Shares of senior living and care real estate investment trust Strawberry Fields REIT will begin trading once a few clerical issues are resolved early this week, CEO and Chairman Moishe Gubin told the McKnight’s Business Daily.

The action comes after the company filed a registration statement with the Securities and Exchange Commission in March and became public last week.

The REIT will trade under the ticker symbol “STRW,” and between 1.5 million and two million shares will be available for sale, Gubin said.

The South Bend, IN-based firm’s healthcare portfolio includes 74 stand-alone skilled nursing facilities, four dual-purpose facilities used as both SNFs and long-term acute care hospitals, and three assisted living communities across a total of nine states: Arkansas, Illinois, Indiana, Kentucky, Michigan, Ohio, Oklahoma, Tennessee and Texas. 
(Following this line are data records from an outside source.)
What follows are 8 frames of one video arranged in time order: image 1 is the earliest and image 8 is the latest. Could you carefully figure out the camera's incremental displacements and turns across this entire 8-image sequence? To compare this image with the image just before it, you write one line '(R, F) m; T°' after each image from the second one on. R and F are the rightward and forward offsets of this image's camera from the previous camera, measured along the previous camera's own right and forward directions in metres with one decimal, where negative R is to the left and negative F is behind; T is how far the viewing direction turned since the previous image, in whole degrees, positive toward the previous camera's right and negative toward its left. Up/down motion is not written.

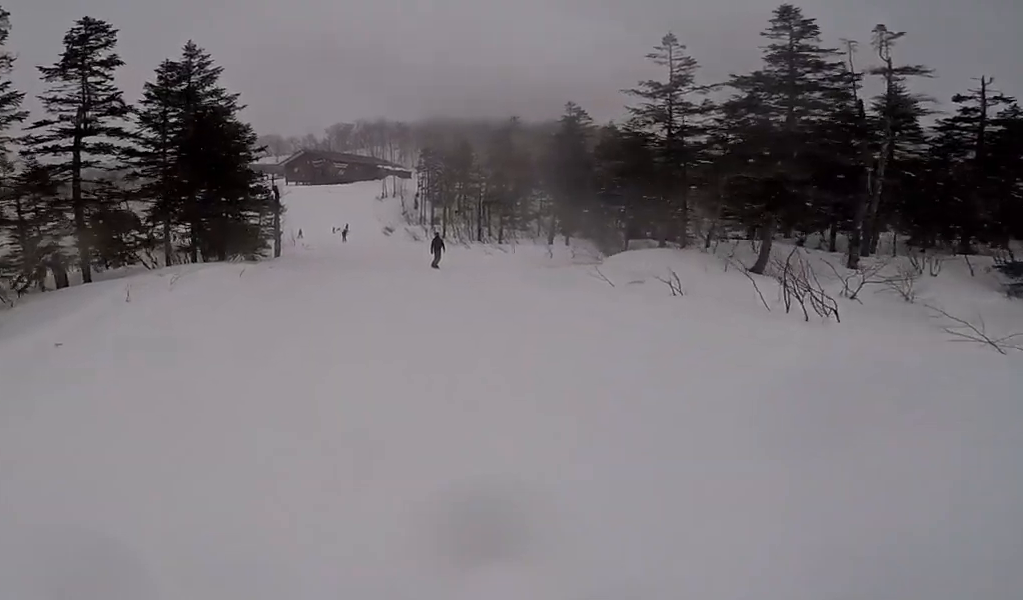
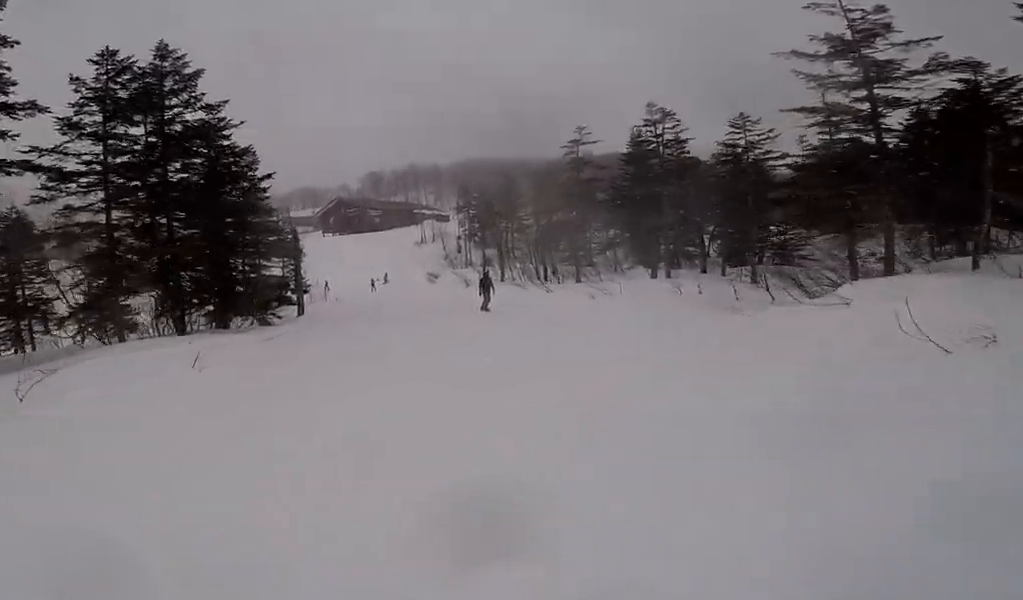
(-0.3, +7.5) m; -2°
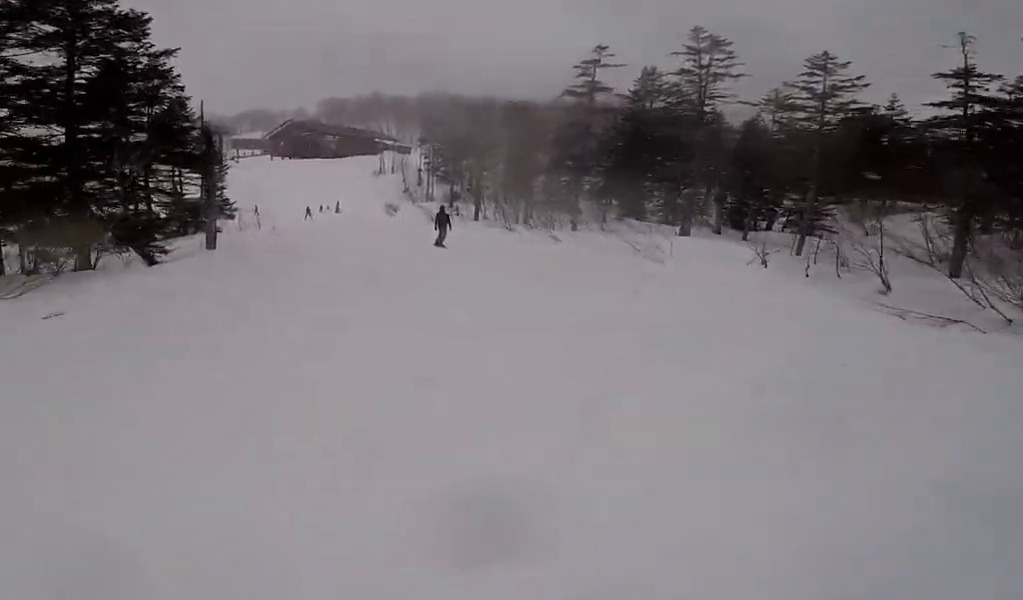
(0.0, +6.5) m; +8°
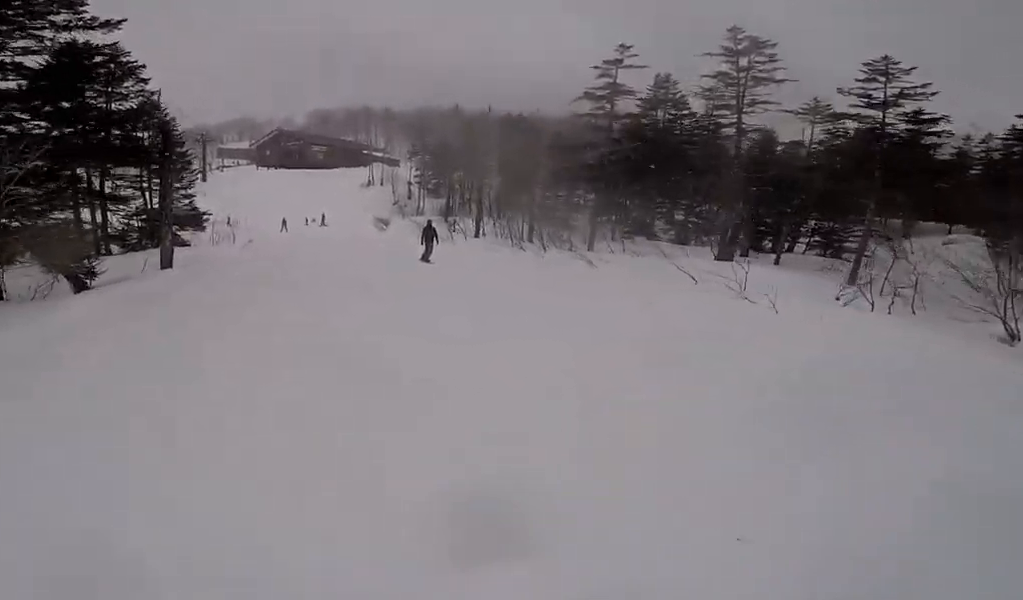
(+0.1, +3.3) m; +2°
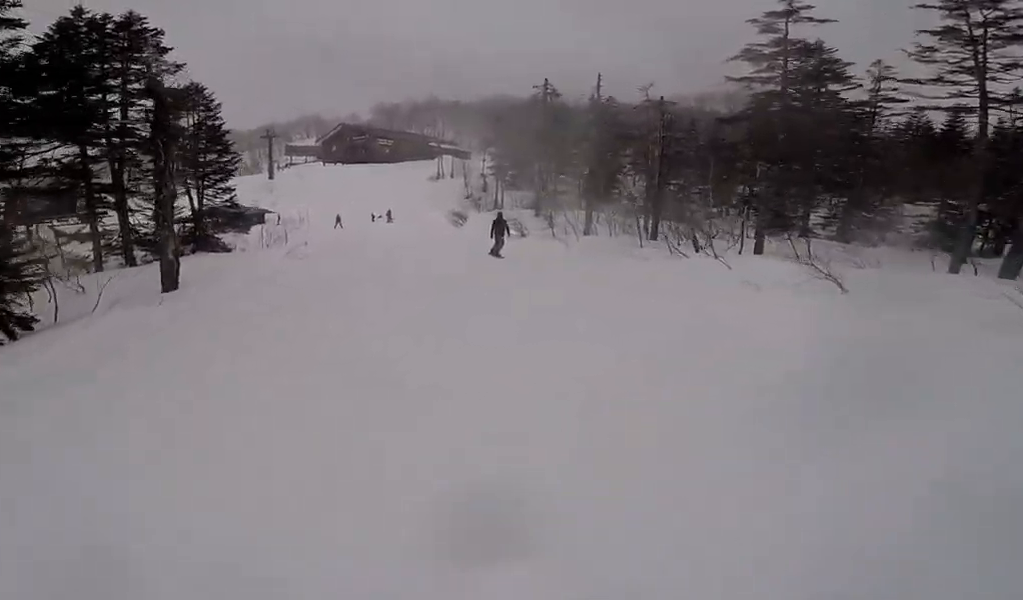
(+1.1, +5.2) m; -2°
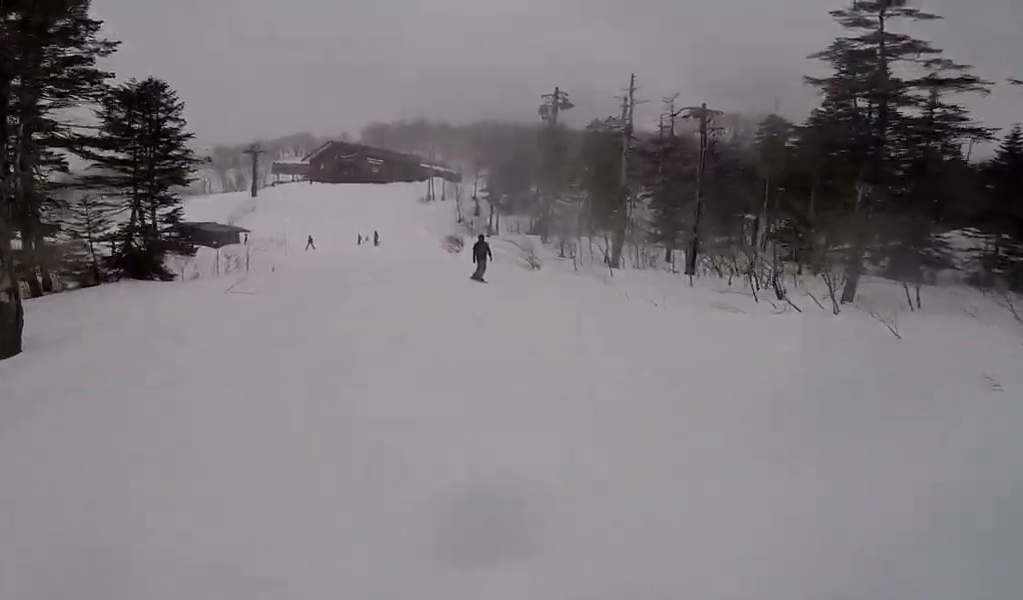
(-1.0, +4.2) m; -7°
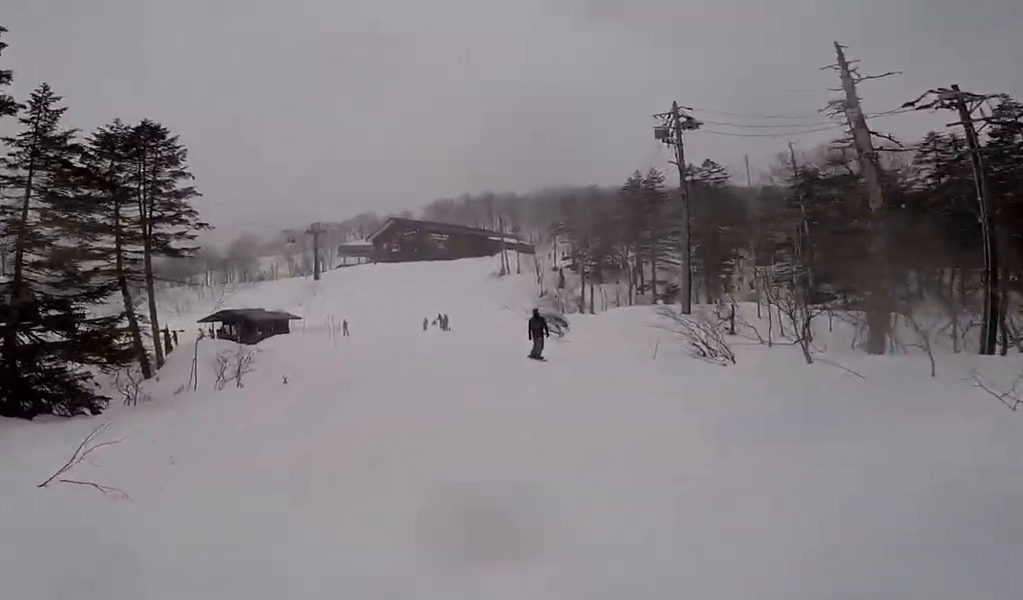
(-0.5, +8.2) m; -5°
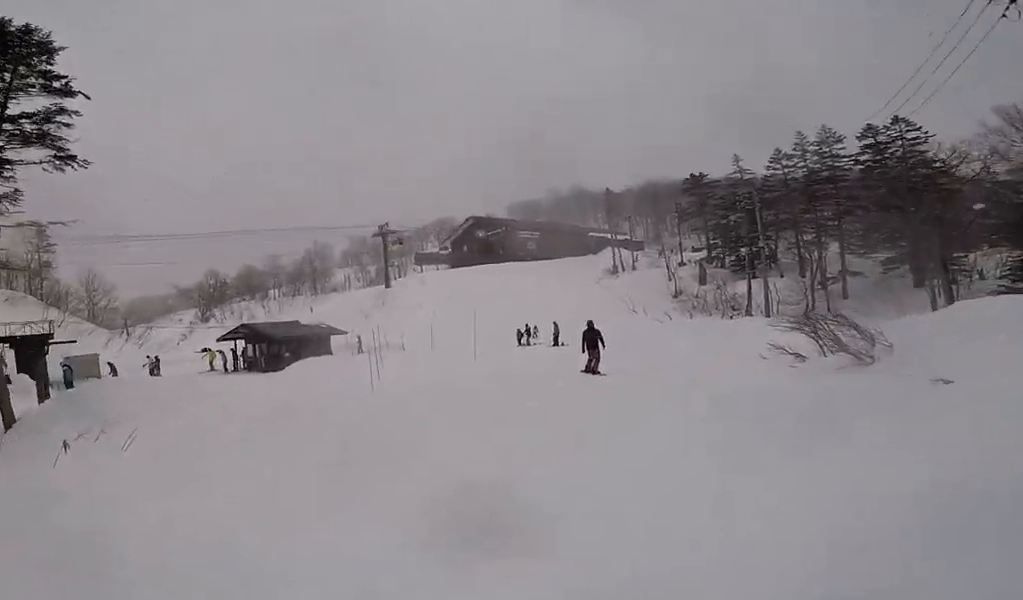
(-1.9, +11.4) m; -13°

“This is literally the culmination of probably 15 years’ worth of work. This is a long-term game for me,” Gubin. “We’re finally at the finish line. …Now we’re just waiting to start trading.”

Gubin said he and co-founder Michael Blisko bought their first skilled nursing property in 2003 through a predecessor company. That company eventually became the Strawberry Fields REIT in 2015, he said. Both men come from a background of working in skilled nursing. 

The firm got its name from a company-wide contest, Gubin said. Strawberry Fields won because of the association with the Beatles song of the same name. With a client base made up of baby boomers — those born between 1946 and 1964, currently aged 57 to 76 — it seemed fitting to tie the REIT’s name to a band that the oldest members especially would identify with, he said. (The youngest boomers were five years old when the Beatles broke up.)

“The people we take care of are best symbolized by a generation of Beatles fans,” Gubin said. 

As a publicly traded company, Gubin said, Strawberry Fields “will continue to grow as before” as a “living, breathing entity that we can pass on to our children.”